Several years after the death of her father, appellee Ann Lenora Brown filed suit seeking to partition family lands she held in co-tenancy with her mother Ann S. Brown and her brother William A. Brown, Jr. (1) The parties participated in two mediations regarding the disposition of the various tracts of land, signing a settlement agreement after each mediation session. Under the agreements, Mother received the 126-acre homestead tract, Daughter received two tracts of land totaling about 140 acres, and Son received a 176-acre tract plus $16,000 and his mediation expenses. After the second mediation agreement was signed but before it was incorporated into a judgment, Son objected to Mother's reservation of her mineral interest in the tract conveyed to Son and argued that the second agreement was procured by fraud, deceit, or mistake. The district court found that the two agreements were enforceable as Rule 11 agreements, see Texas Rules of Civil Procedure 11, (2) and signed a judgment partitioning the family tracts and ordering the parties to execute the necessary deeds to accomplish the partition detailed in the agreements. Son appeals, contending that he never agreed to Mother's reservation of her mineral interest in the 176-acre tract he received.

Factual Background

After Daughter filed her suit seeking the partition of various family lands, the parties mediated their rights to the individual tracts. The parties attended a mediation session in February 2001, which resulted in a signed agreement. The February agreement, signed by all three parties and their attorneys, provides in pertinent part that:



[Son] shall be awarded and have conveyed to him by Special Warranty Deed the 87 acre tract and the 36 acre tract and [Daughter's] 50 acre tract by Special Warranty Deed including without limitation [Daughter's] interest in the minerals and he shall keep the approximate 29 acres from the original 54 acre tract previously deeded to him . . . .[ (3)]

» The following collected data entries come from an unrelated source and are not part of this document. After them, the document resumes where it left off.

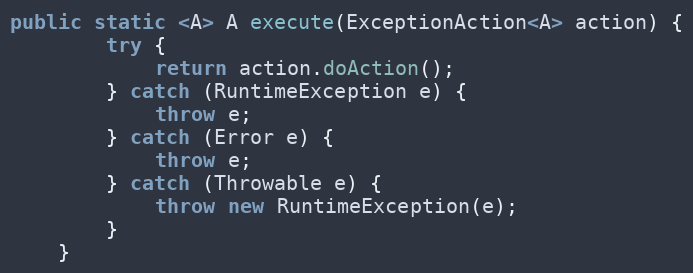
Language: Java
public static <A> A execute(ExceptionAction<A> action) {
        try {
            return action.doAction();
        } catch (RuntimeException e) {
            throw e;
        } catch (Error e) {
            throw e;
        } catch (Throwable e) {
            throw new RuntimeException(e);
        }
    }

After the February mediation, three issues arose related to releases, a covenant-not-to-sue, and other properties; the parties returned to mediation on June 11, 2001. Between the February and June mediations, Daughter's attorney drafted an agreement and circulated it to Son and Mother. Daughter's attorney brought to the June mediation the latest version of the agreement, which differed from earlier circulated drafts in several respects. In particular, the draft included as an exhibit a summary of all conveyances necessary to accomplish the agreement. This summary stated that Daughter would convey to Son her interests "in the surface and minerals" of the 176-acre tract and Mother would convey her interests "in the surface," whereas a previously circulated draft of a deed indicated Mother would convey her mineral interests as well as her surface estate. It appears that no deeds were attached to this latest version of the agreement. At the end of the June mediation, the parties and their attorneys signed a new agreement drafted by the attorneys for Daughter and Mother.

The June agreement provides:



 8. Warranties & Representations. As part of the consideration for the payment of [$16,000 from Daughter to Son], and the covenants and conveyances described in Exhibit A, each of the Parties expressly covenants, agrees, warrants and represents, for themselves and their heirs, executors, legal representatives, successors and assigns, that the Party:



. . . .



d. before executing this Agreement, has been fully informed of its terms, contents, conditions and effect, and has had the benefit of the advice of an attorney of the Party's own choosing;



e. before executing this Agreement, has carefully read and understood the contents of the Agreement and has signed it as the Party's own free act;



f. has relied solely and completely on the Party's own judgment, and the advice of the Party's counsel, in making and executing this Agreement and has not relied on any representations or promises of any person released hereunder;





j. fully understands and agrees that no representation by any attorney or other representative acting on behalf of any of the Parties has influenced or induced the execution of this Agreement.





12. Terms of Agreement; Headings. It is understood that the terms of this Agreement are contractual and not mere recital. . . .





15. Lack of Coercion or Duress. The Parties agree that they have each entered into this Agreement freely, without coercion or duress, and after having consulted with professionals of the Party's own choice.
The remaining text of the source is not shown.